### PROBLEM REQUIREMENTS
Copy whichever lines of the data hold the word "path".

### INPUT DATA
++++

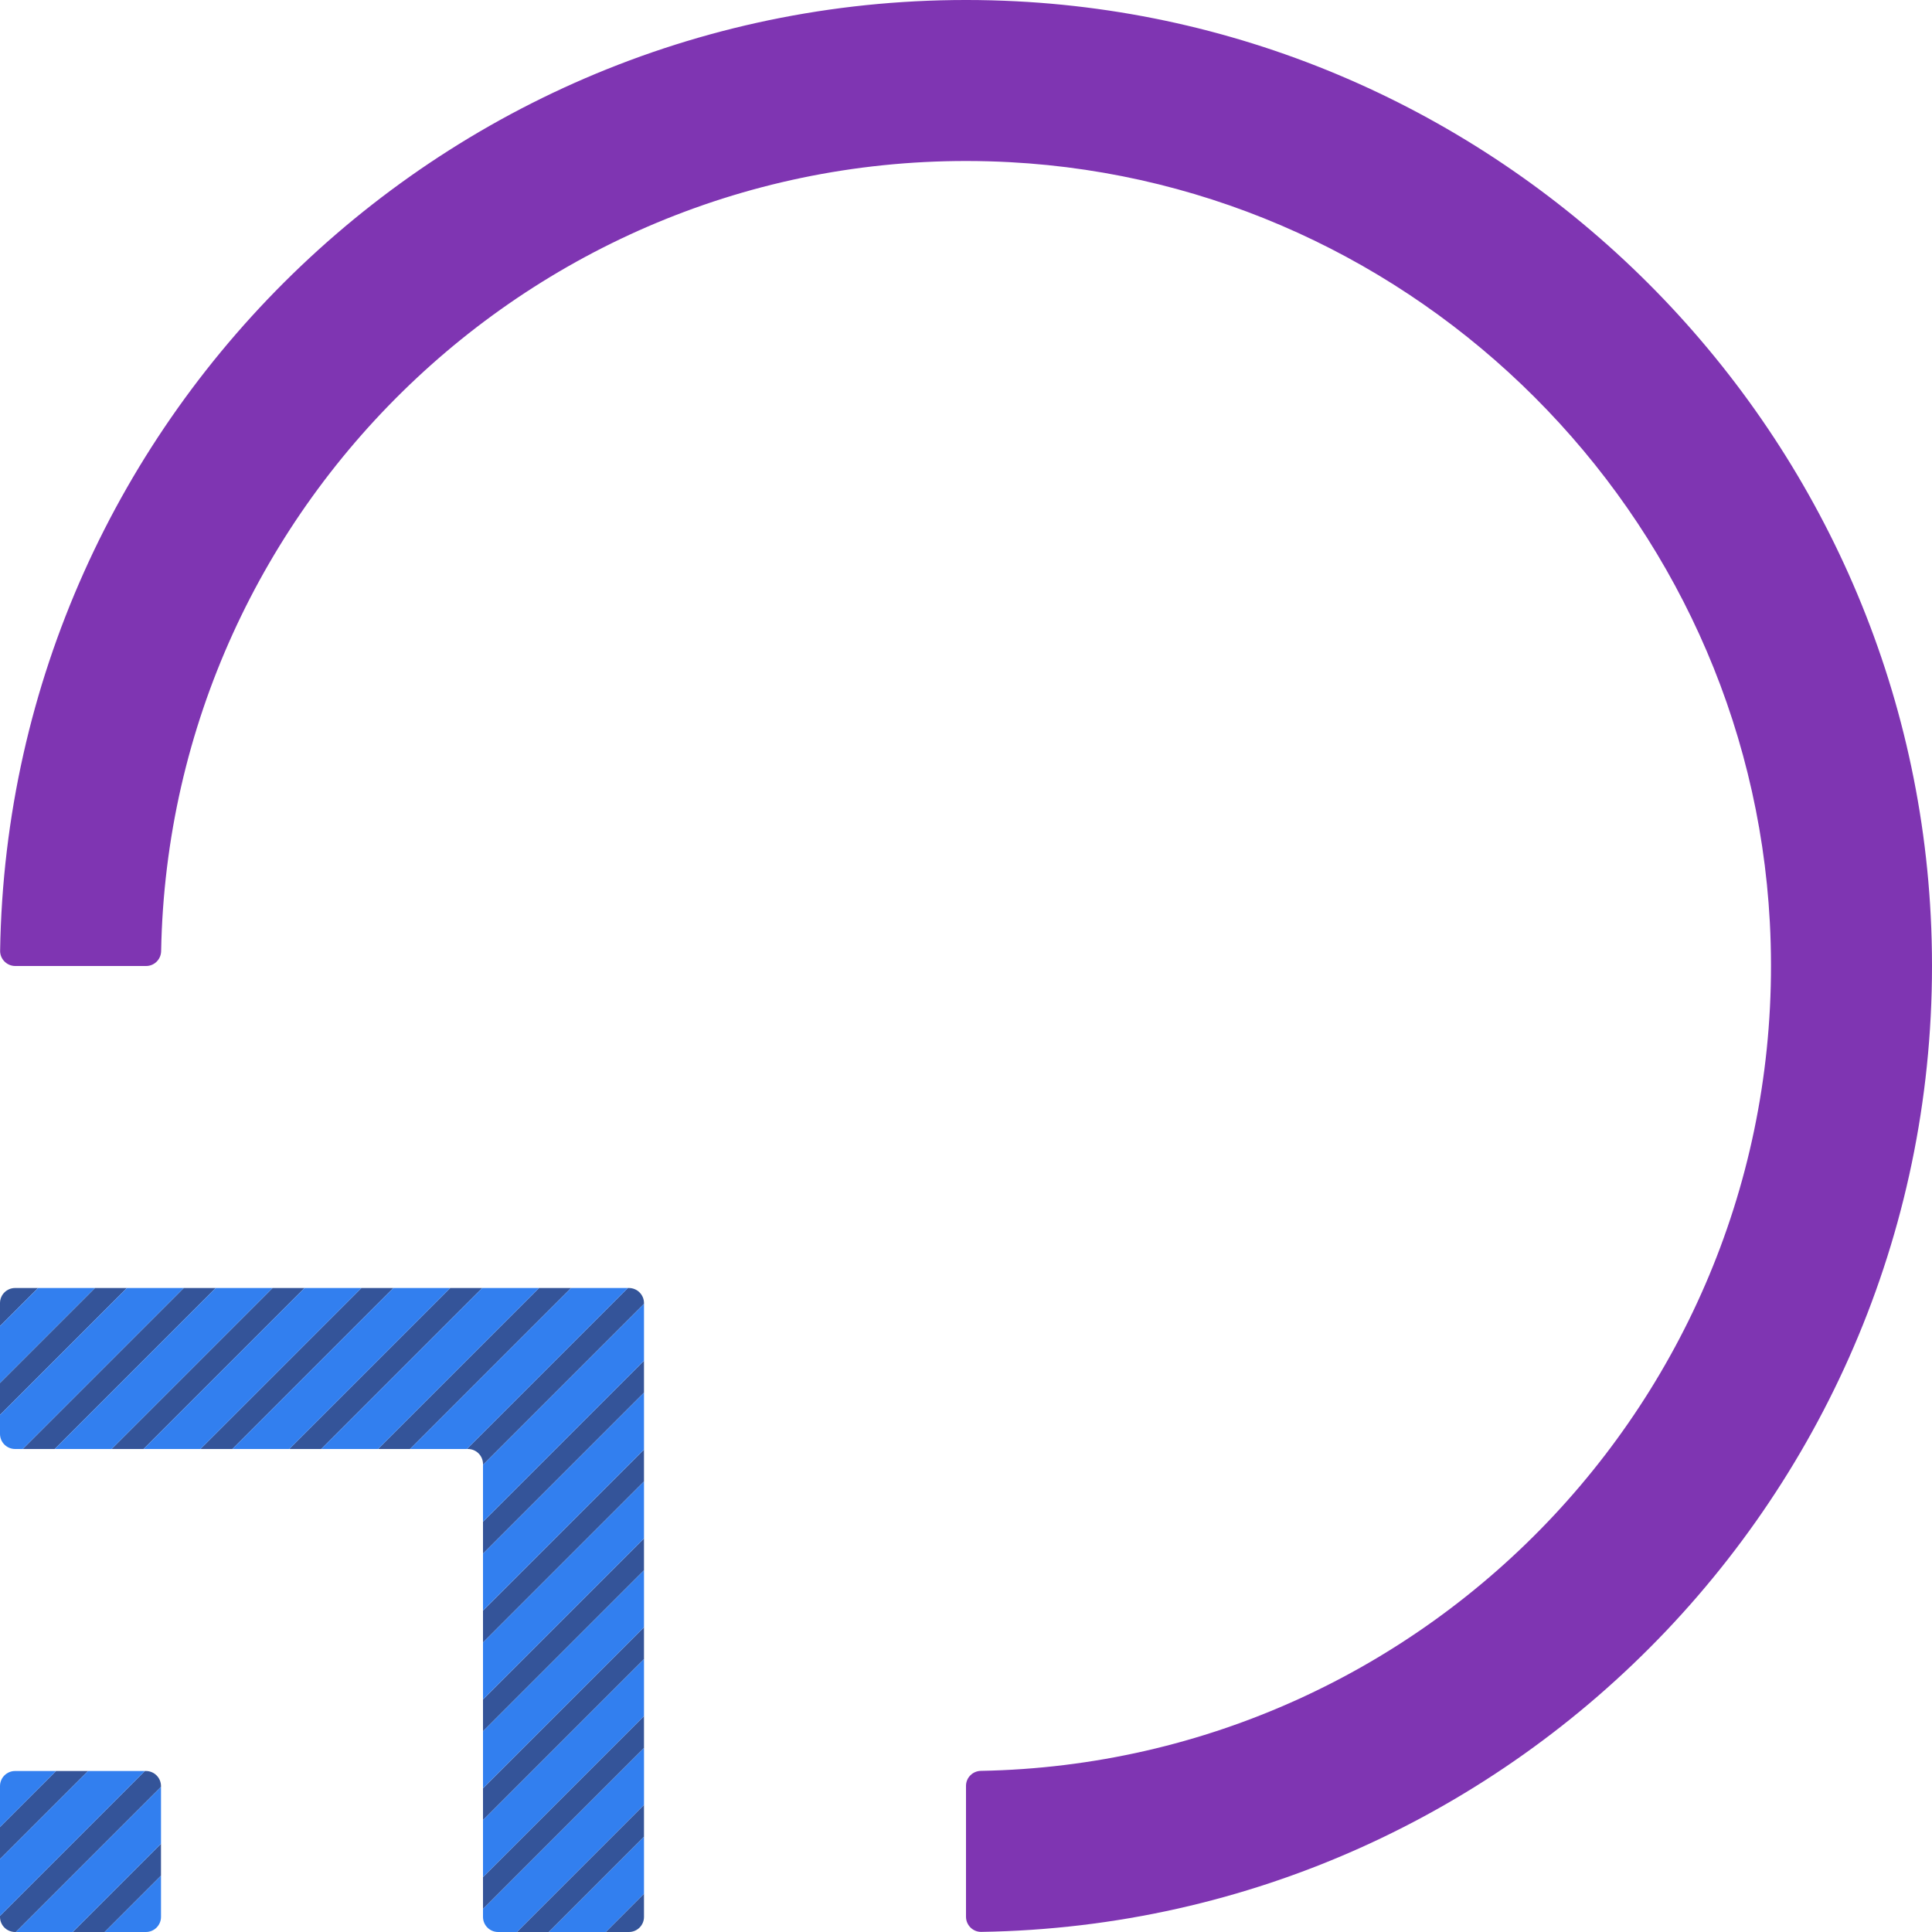 <?xml version="1.0" encoding="iso-8859-1"?>
<!-- Generator: Adobe Illustrator 27.0.1, SVG Export Plug-In . SVG Version: 6.00 Build 0)  -->
<svg version="1.1" id="Layer_1" xmlns="http://www.w3.org/2000/svg" xmlns:xlink="http://www.w3.org/1999/xlink" x="0px" y="0px"
	 viewBox="0 0 256 256" style="enable-background:new 0 0 256 256;" xml:space="preserve">
<g id="dynamic_x5F_tcor_x5F_expressive">
	<g>
		<path style="fill:#345499;" d="M0,254c0,1.105,0.895,2,2,2h0.098l19.235-19.235v-0.098c0-1.105-0.895-2-2-2h-0.129L0,253.871V254z
			"/>
		<polygon style="fill:#345499;" points="13.869,256 21.333,248.535 21.333,244.308 9.641,256 		"/>
		<polygon style="fill:#345499;" points="7.434,234.667 0,242.101 0,246.328 11.662,234.667 		"/>
		<polygon style="fill:#327FEF;" points="9.641,256 21.333,244.308 21.333,236.765 2.098,256 		"/>
		<path style="fill:#327FEF;" d="M19.333,256c1.105,0,2-0.895,2-2v-5.465L13.869,256H19.333z"/>
		<polygon style="fill:#327FEF;" points="0,246.328 0,253.871 19.204,234.667 11.662,234.667 		"/>
		<path style="fill:#327FEF;" d="M2,234.667c-1.105,0-2,0.895-2,2v5.434l7.434-7.434H2z"/>
		<path style="fill:#345499;" d="M2,170.667c-1.105,0-2,0.895-2,2v3.041l5.041-5.041H2z"/>
		<polygon style="fill:#345499;" points="12.583,170.667 0,183.25 0,187.478 16.811,170.667 		"/>
		<polygon style="fill:#345499;" points="64,205.869 85.333,184.535 85.333,180.307 64,201.641 		"/>
		<polygon style="fill:#345499;" points="47.894,170.667 26.561,192 30.788,192 52.121,170.667 		"/>
		<polygon style="fill:#345499;" points="24.354,170.667 3.02,192 7.248,192 28.581,170.667 		"/>
		<polygon style="fill:#345499;" points="36.124,170.667 14.79,192 19.018,192 40.351,170.667 		"/>
		<path style="fill:#345499;" d="M62,192c1.105,0,2,0.895,2,2v0.098l21.333-21.333v-0.098c0-1.105-0.895-2-2-2h-0.129L61.871,192H62
			z"/>
		<polygon style="fill:#345499;" points="64,217.639 85.333,196.305 85.333,192.078 64,213.411 		"/>
		<polygon style="fill:#345499;" points="72.719,256 85.333,243.386 85.333,239.158 68.492,256 		"/>
		<polygon style="fill:#345499;" points="54.328,192 75.662,170.667 71.434,170.667 50.101,192 		"/>
		<polygon style="fill:#345499;" points="64,252.949 85.333,231.616 85.333,227.388 64,248.721 		"/>
		<path style="fill:#345499;" d="M83.333,256c1.105,0,2-0.895,2-2v-3.072L80.262,256H83.333z"/>
		<polygon style="fill:#345499;" points="38.331,192 42.558,192 63.892,170.667 59.664,170.667 		"/>
		<polygon style="fill:#345499;" points="64,229.409 85.333,208.076 85.333,203.848 64,225.181 		"/>
		<polygon style="fill:#345499;" points="64,241.179 85.333,219.846 85.333,215.618 64,236.951 		"/>
		<polygon style="fill:#327FEF;" points="64,201.641 85.333,180.307 85.333,172.765 64,194.098 		"/>
		<polygon style="fill:#327FEF;" points="64,213.411 85.333,192.078 85.333,192 85.333,184.535 64,205.869 		"/>
		<polygon style="fill:#327FEF;" points="64,225.181 85.333,203.848 85.333,196.305 64,217.639 		"/>
		<path style="fill:#327FEF;" d="M16.811,170.667L0,187.478V190c0,1.105,0.895,2,2,2h1.02l21.333-21.333L16.811,170.667
			L16.811,170.667z"/>
		<polygon style="fill:#327FEF;" points="28.581,170.667 7.248,192 14.79,192 36.124,170.667 		"/>
		<polygon style="fill:#327FEF;" points="5.041,170.667 0,175.708 0,183.25 12.583,170.667 		"/>
		<polygon style="fill:#327FEF;" points="61.871,192 83.204,170.667 75.662,170.667 54.328,192 		"/>
		<polygon style="fill:#327FEF;" points="50.101,192 71.434,170.667 64,170.667 63.892,170.667 42.558,192 		"/>
		<polygon style="fill:#327FEF;" points="40.351,170.667 19.018,192 26.561,192 47.894,170.667 		"/>
		<polygon style="fill:#327FEF;" points="52.121,170.667 30.788,192 38.331,192 59.664,170.667 		"/>
		<path style="fill:#327FEF;" d="M64,254c0,1.105,0.895,2,2,2h2.492l16.842-16.842v-7.543L64,252.949V254z"/>
		<polygon style="fill:#327FEF;" points="64,236.951 85.333,215.618 85.333,208.076 64,229.409 		"/>
		<polygon style="fill:#327FEF;" points="64,248.721 85.333,227.388 85.333,219.846 64,241.179 		"/>
		<polygon style="fill:#327FEF;" points="80.262,256 85.333,250.928 85.333,243.386 72.719,256 		"/>
	</g>
	<g>
		<path style="fill:#7F35B2;" d="M128,253.976v-17.338c0-1.093,0.88-1.969,1.974-1.989c59.824-1.091,107.774-51.679,104.538-112.451
			c-2.88-54.078-46.632-97.83-100.71-100.71C73.03,18.252,22.442,66.202,21.351,126.026c-0.02,1.093-0.896,1.974-1.989,1.974H2.024
			c-1.114,0-2.026-0.912-2.008-2.026C1.128,54.652,60.867-2.698,133.059,0.098c66.432,2.573,120.27,56.411,122.843,122.843
			c2.796,72.191-54.554,131.931-125.876,133.043C128.912,256.002,128,255.09,128,253.976z"/>
	</g>
</g>
</svg>

++++

### ANSWER BOX
		<path style="fill:#345499;" d="M0,254c0,1.105,0.895,2,2,2h0.098l19.235-19.235v-0.098c0-1.105-0.895-2-2-2h-0.129L0,253.871V254z
		<path style="fill:#327FEF;" d="M19.333,256c1.105,0,2-0.895,2-2v-5.465L13.869,256H19.333z"/>
		<path style="fill:#327FEF;" d="M2,234.667c-1.105,0-2,0.895-2,2v5.434l7.434-7.434H2z"/>
		<path style="fill:#345499;" d="M2,170.667c-1.105,0-2,0.895-2,2v3.041l5.041-5.041H2z"/>
		<path style="fill:#345499;" d="M62,192c1.105,0,2,0.895,2,2v0.098l21.333-21.333v-0.098c0-1.105-0.895-2-2-2h-0.129L61.871,192H62
		<path style="fill:#345499;" d="M83.333,256c1.105,0,2-0.895,2-2v-3.072L80.262,256H83.333z"/>
		<path style="fill:#327FEF;" d="M16.811,170.667L0,187.478V190c0,1.105,0.895,2,2,2h1.02l21.333-21.333L16.811,170.667
		<path style="fill:#327FEF;" d="M64,254c0,1.105,0.895,2,2,2h2.492l16.842-16.842v-7.543L64,252.949V254z"/>
		<path style="fill:#7F35B2;" d="M128,253.976v-17.338c0-1.093,0.88-1.969,1.974-1.989c59.824-1.091,107.774-51.679,104.538-112.451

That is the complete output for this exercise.